Description: Advective flows of seawater and fresh groundwater through coastal aquifers form a unique ecohydrological interface, the subterranean estuary (STE). Here, freshly produced marine organic matter and oxygen mix with groundwater, which is low in oxygen and contains aged organic carbon (OC) from terrestrial sources. Along the groundwater flow paths, dissolved organic matter (DOM) is degraded and inorganic electron acceptors are successively used up. Because of the different DOM sources and ages, exact degradation pathways are often difficult to disentangle, especially in high-energy environments with dynamic changes in beach morphology, source composition, and hydraulic gradients. From a case study site on a barrier island in the German North Sea, we present detailed biogeochemical data from freshwater lens groundwater, seawater, and beach porewater samples collected over different seasons.
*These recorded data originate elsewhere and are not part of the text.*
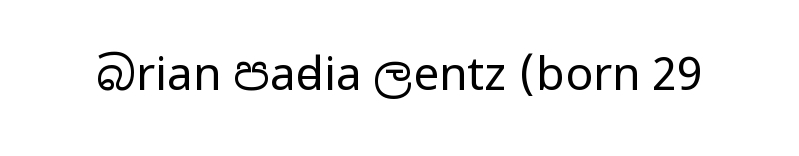
{"serif": "no", "italic": "no", "bold": "no", "weight": "regular", "width": "condensed", "stroke_contrast": "low", "underline": "no", "letter_spacing": "normal", "letter_spacing_em": 0.0, "glyph_px": 46}
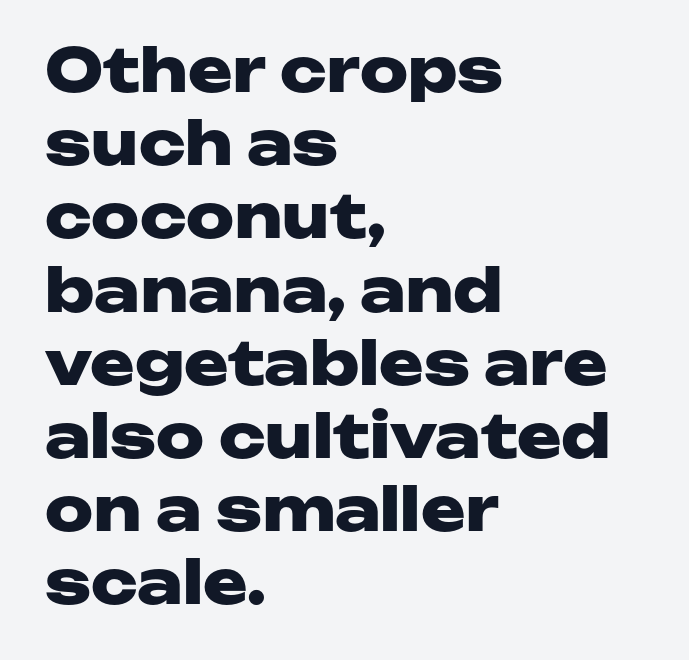
Q: Is the text bold? A: Yes.
Q: Is the text italic (slanted)? A: No, it is upright.
Q: Is the typeface a serif or a sans-serif typeface? A: Sans-serif.
Q: Is the text underlined? A: No.
Q: How is the paragraph aligned? A: Left-aligned.
Q: Is the spacing between letters normal or unusually wide? A: Normal.
Q: Width (condensed, normal, or wide)? A: Wide.
Q: Stroke contrast? A: Low.
Q: x-height? A: Medium.
Q: Monospaced? A: No.
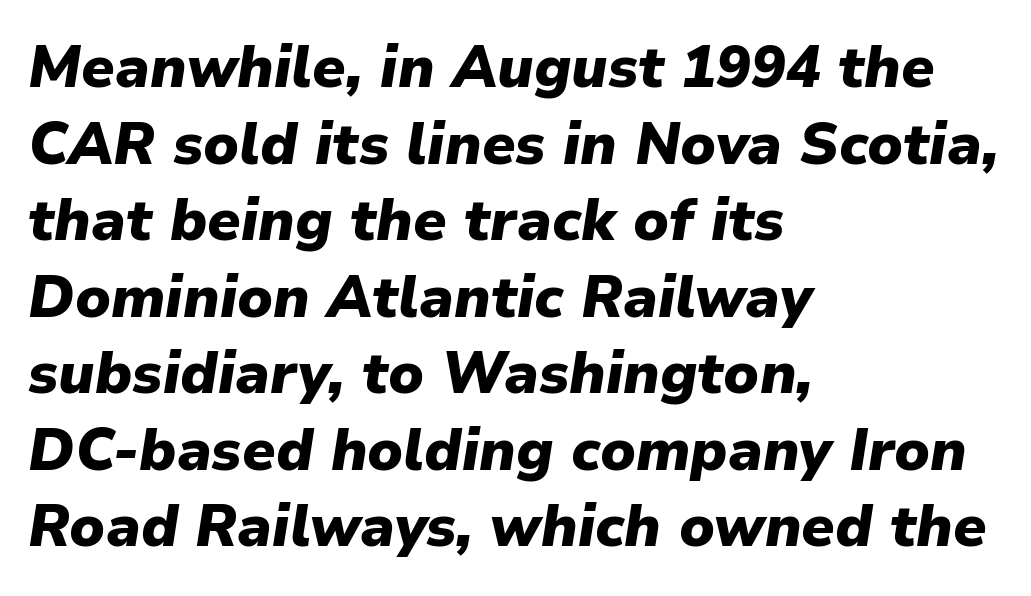
Q: Is the text bold? A: Yes.
Q: Is the text italic (slanted)? A: Yes, it leans right by about 9 degrees.
Q: Is the text underlined? A: No.
Q: How is the paragraph aligned? A: Left-aligned.
Q: Is the spacing between letters normal or unusually wide? A: Normal.
Q: Is the spacing between lines tight, normal or loose? A: Normal.
Q: Width (condensed, normal, or wide)? A: Normal.
Q: Stroke contrast? A: Low.
Q: x-height? A: Medium.
Q: Monospaced? A: No.
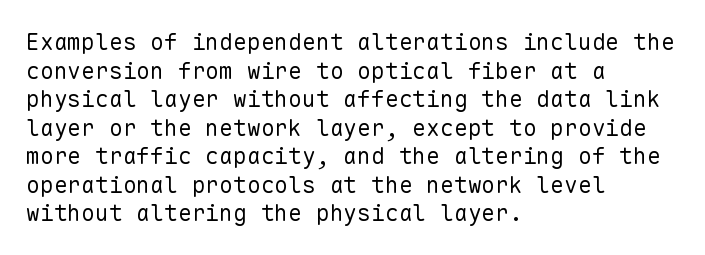
Beneath every word, the page is bare. On a weight scale, this lands at 450 or below. Look at the tracking — it's just the regular setting, nothing added. The typesetter chose a ragged-right arrangement here. Upright lettering throughout.
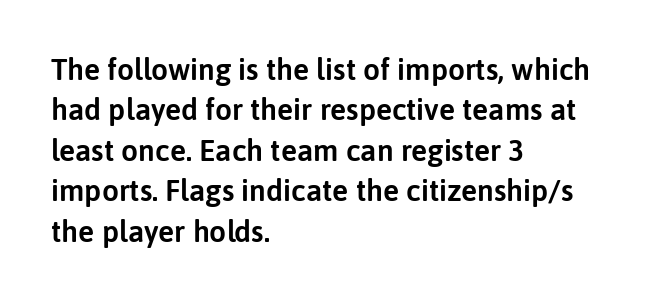
The image shows 30 px sans-serif type, upright; set left-aligned, normal line spacing (1.35x), normal letter spacing, not underlined; low stroke contrast and a medium x-height.
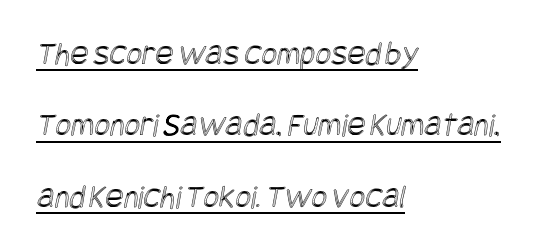
{"width": "condensed", "x_height": "large", "underline": "yes", "align": "left", "line_spacing": "loose", "line_spacing_ratio": 2.1, "letter_spacing": "normal", "letter_spacing_em": 0.0, "glyph_px": 34}

The samples were analyzed for physico-chemistry (e.g., salinity, temperature, dissolved silicate), (reduced) electron acceptors (e.g., oxygen, nitrate, and iron), and dissolved organic carbon (DOC). DOM was isolated and molecularly characterized via soft-ionization ultra-high-resolution mass spectrometry, and molecular formulae were identified in each sample. We found that the islands’ freshwater lens harbors a surprisingly high DOM molecular diversity and heterogeneity, possibly due to patchy distributions of buried peat lenses. Furthermore, a comparison of DOM composition of the endmembers indicated that the Spiekeroog high-energy beach STE conveys chemically modified, terrestrial DOM from the inland freshwater lens to the coastal ocean. In the beach intertidal zone, porewater DOC concentrations, lability of DOM and oxygen concentrations, decreased while dissolved (reduced) iron and dissolved silicate concentrations increased. This observation is consistent with the assumption of a continuous degradation of labile DOM along a cross-shore gradient, even in this dynamic environment. Accordingly, molecular properties of DOM indicated enhanced degradation, and “humic-like” fluorescent DOM fraction increased along the flow paths, likely through accumulation of compounds less susceptible to microbial consumption. Our data indicate that the high-energy beach STE is likely a net sink of OC from the terrestrial and marine realm, and that barrier islands such as Spiekeroog may act as efficient “digestors” of organic matter.